▶ INPUT RECORDS
---+---

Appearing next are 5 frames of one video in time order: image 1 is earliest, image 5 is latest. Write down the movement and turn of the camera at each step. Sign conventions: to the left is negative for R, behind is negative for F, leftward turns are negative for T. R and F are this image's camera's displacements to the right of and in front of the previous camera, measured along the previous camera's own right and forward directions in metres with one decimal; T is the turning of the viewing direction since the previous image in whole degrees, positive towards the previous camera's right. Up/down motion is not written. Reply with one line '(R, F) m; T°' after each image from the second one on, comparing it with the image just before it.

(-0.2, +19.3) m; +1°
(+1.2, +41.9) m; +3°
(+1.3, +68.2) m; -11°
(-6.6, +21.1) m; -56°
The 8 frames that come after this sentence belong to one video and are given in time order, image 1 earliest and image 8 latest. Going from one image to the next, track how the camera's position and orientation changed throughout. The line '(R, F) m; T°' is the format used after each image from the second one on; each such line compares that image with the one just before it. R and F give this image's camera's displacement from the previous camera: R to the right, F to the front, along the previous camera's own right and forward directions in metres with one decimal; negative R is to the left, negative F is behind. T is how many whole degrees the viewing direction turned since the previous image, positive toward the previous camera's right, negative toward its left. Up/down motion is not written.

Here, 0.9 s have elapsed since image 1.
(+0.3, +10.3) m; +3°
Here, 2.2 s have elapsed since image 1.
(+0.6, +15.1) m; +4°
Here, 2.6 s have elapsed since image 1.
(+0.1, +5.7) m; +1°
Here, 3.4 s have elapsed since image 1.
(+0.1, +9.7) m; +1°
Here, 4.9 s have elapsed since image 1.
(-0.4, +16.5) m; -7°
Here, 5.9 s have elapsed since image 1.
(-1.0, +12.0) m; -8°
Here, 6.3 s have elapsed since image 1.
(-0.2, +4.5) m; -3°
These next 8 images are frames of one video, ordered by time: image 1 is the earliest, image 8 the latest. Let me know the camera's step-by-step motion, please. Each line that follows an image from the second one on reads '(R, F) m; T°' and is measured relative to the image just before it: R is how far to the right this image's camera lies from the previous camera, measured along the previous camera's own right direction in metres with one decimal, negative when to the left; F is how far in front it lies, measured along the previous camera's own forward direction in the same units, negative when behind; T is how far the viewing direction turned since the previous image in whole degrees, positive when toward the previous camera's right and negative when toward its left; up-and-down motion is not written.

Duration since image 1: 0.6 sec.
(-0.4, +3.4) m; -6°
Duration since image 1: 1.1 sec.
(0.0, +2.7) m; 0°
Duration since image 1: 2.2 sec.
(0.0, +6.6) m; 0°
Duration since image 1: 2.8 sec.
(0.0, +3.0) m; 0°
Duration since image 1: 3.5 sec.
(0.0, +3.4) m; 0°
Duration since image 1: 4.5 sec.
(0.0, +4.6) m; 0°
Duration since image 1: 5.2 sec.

---+---

▶ WHAT THE EXERCISE ASKS
All lines from the one containing "Duration since image 1: 2.8 sec." down to the final line above are to be restated word for word; leave out the rest.

▶ WORKED SOLUTION
Duration since image 1: 2.8 sec.
(0.0, +3.0) m; 0°
Duration since image 1: 3.5 sec.
(0.0, +3.4) m; 0°
Duration since image 1: 4.5 sec.
(0.0, +4.6) m; 0°
Duration since image 1: 5.2 sec.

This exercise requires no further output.